Moñitas con aceite

Hace unos días, disfruté de un maravilloso fin de semana remando en mi kayak en un evento anual cerca de Montevideo. Me encanta pasar tiempo en el agua, flotar en mi kayak y, en ocasiones, detenerme para escuchar el sonido del agua acariciando mi embarcación. Por lo general, remo solo, porque es una forma especial de soledad, estar en completa comunión con uno mismo, aunque sé que es difícil de explicar. Sin embargo, de vez en cuando, disfruto participar en travesías y experimentar la camaradería que se genera con aquellos que comparten mi pasión por el agua, cada uno a su manera.

En estas travesías, uno tiene la oportunidad de conocer a personas de diferentes partes de Uruguay. En una de estas ocasiones, conocí a un grupo de jóvenes que estaban acampando cerca de mí. Compartimos la calidez de una fogata, historias y algún que otro vino.

Estos jóvenes eran originarios de Santa Clara del Olimar, un hermoso pueblo en el departamento de Treinta y Tres. Yo había visitado ese lugar en mi adolescencia, y conocer a estos chicos me hizo revivir muchas historias que habían transcurrido más de 30 años atrás. Historias hermosas y profundas que habían dejado una huella indeleble en mi vida.

Entre todas esas historias, una se destacaba, quizás la más importante. Era una de esas historias en las que el tiempo había comenzado a borrar algunos detalles, pero lo que sentí ese día permanecía vivo en mi mente. En este relato, tosco y despojado de exquisiteces literarias les dejo blancos para llenar ustedes mismos.

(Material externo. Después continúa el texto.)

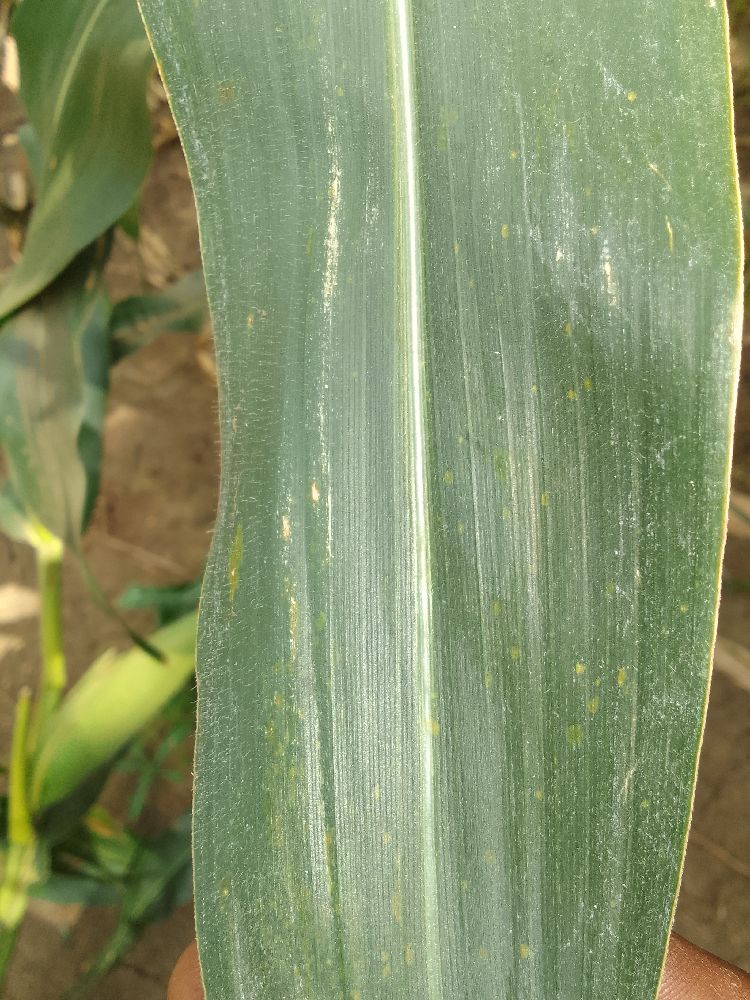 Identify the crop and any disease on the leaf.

maize, healthy

Había una vez un orfanato en Santa Clara. Como voluntario, pasaba tiempo con los niños, organizaba actividades y brindaba mi ayuda en lo que podía. Pero una tarde de invierno, viví una experiencia que cambió mi perspectiva sobre la solidaridad.

Era un día frío cuando llegué al orfanato. En la cocina, las provisiones eran escasas como siempre. Los estantes estaban prácticamente vacíos, y la preocupación debería estar presente en el rostro de Mari, la persona que cuidaba de todos en ese lugar, una maestra rural que, se quedó a cuidar a los gurises, así nomás. La comida era un bien preciado, y todos sabíamos que debíamos administrarla cuidadosamente hasta que llegara más. Sin embargo, la angustia no tenía cabida; en su lugar, reinaba la esperanza, algo que me llevó tiempo entender por completo.

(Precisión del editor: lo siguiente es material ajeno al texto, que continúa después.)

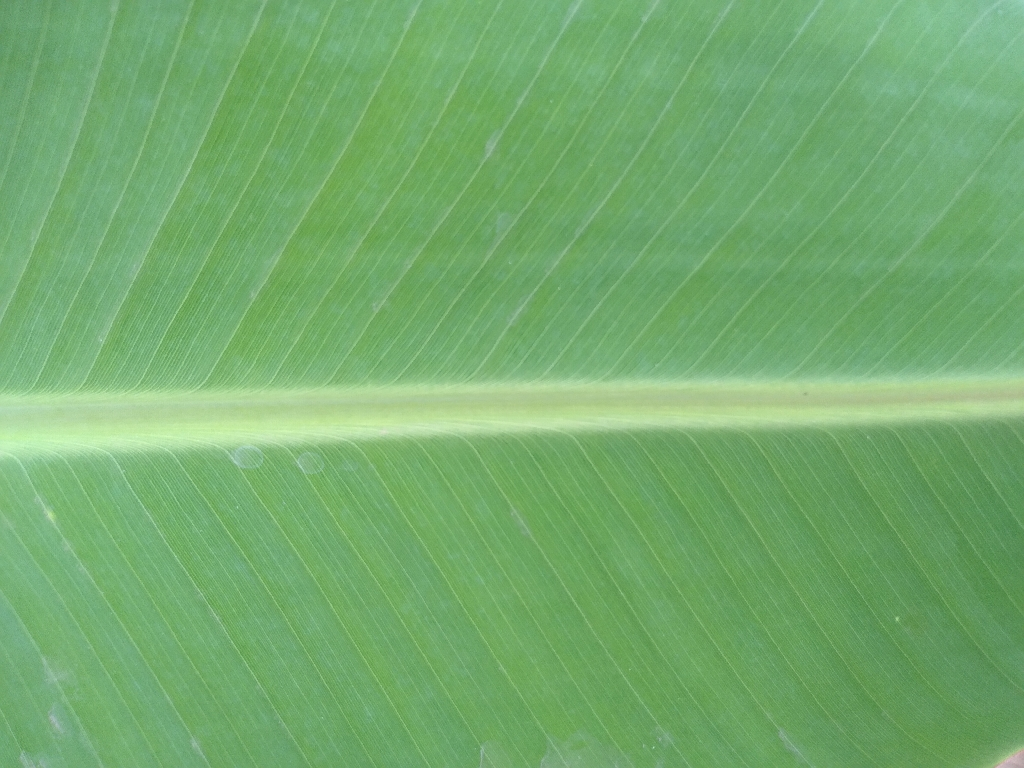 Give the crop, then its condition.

banana, healthy

Esa tarde, mientras preparábamos una comida modesta, llegó un visitante inesperado. Era un hombre pidiendo comida. No recuerdo quién era ni cómo llegó hasta allí. Para Mari, lo importante era que tenía hambre. Los niños tampoco hicieron muchas preguntas. En ese lugar, ayudábamos a quien llegara, sin cuestionar demasiado, una lección que los jóvenes habían aprendido bien. A pesar de la escasez de alimentos, compartir lo que teníamos no fue una decisión difícil; más bien, se sentía natural, aunque me costó asimilarlo por completo.

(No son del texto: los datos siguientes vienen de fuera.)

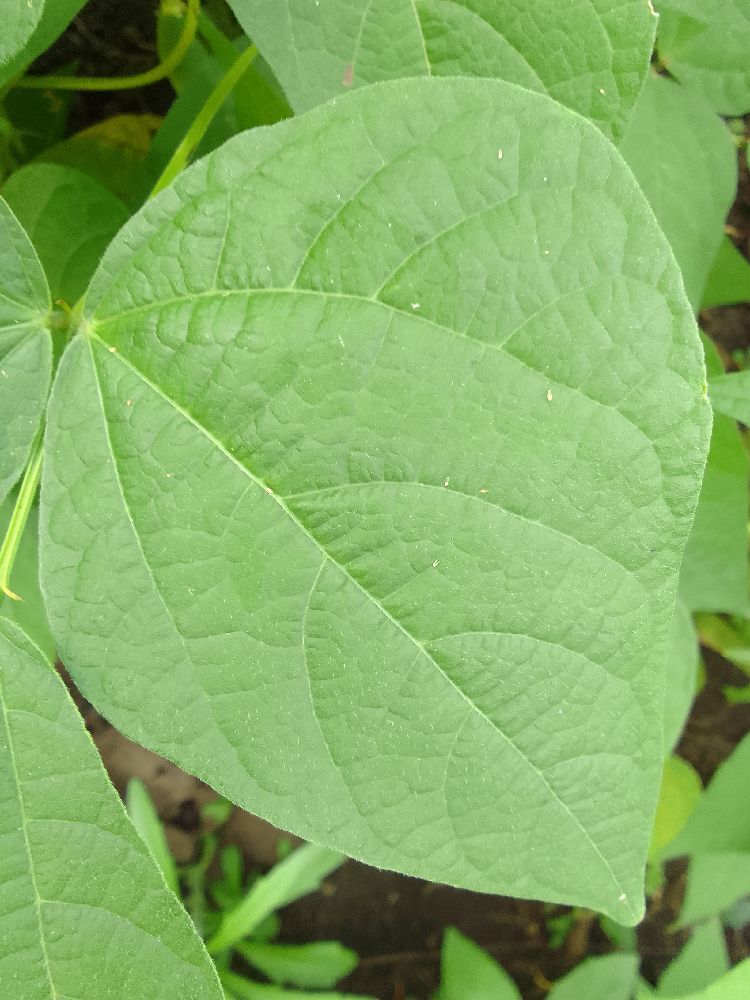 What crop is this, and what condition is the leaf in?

No recuerdo el rostro del hombre, pero de esa noche, solo retengo dos cosas: comimos moñitas con aceite, y esperé para derramar lágrimas hasta que estuve solo en mi bolsa de dormir, avanzada la noche.

Esa noche, viví en carne propia lo que significaba compartir lo que no teníamos en abundancia. Los niños del orfanato me brindaron una lección de solidaridad que jamás olvidaré. A pesar de tener muy poco, compartieron con amor y empatía. Aprendí que la verdadera solidaridad no consiste en dar lo que nos sobra, sino lo que es verdaderamente valioso para nosotros.

Con el tiempo, la fogata en la que recordaba esta historia se apagó lentamente, y el frío me fue llevando al sueño.

Esa noche, dormí profundamente, mejor que en muchas otras.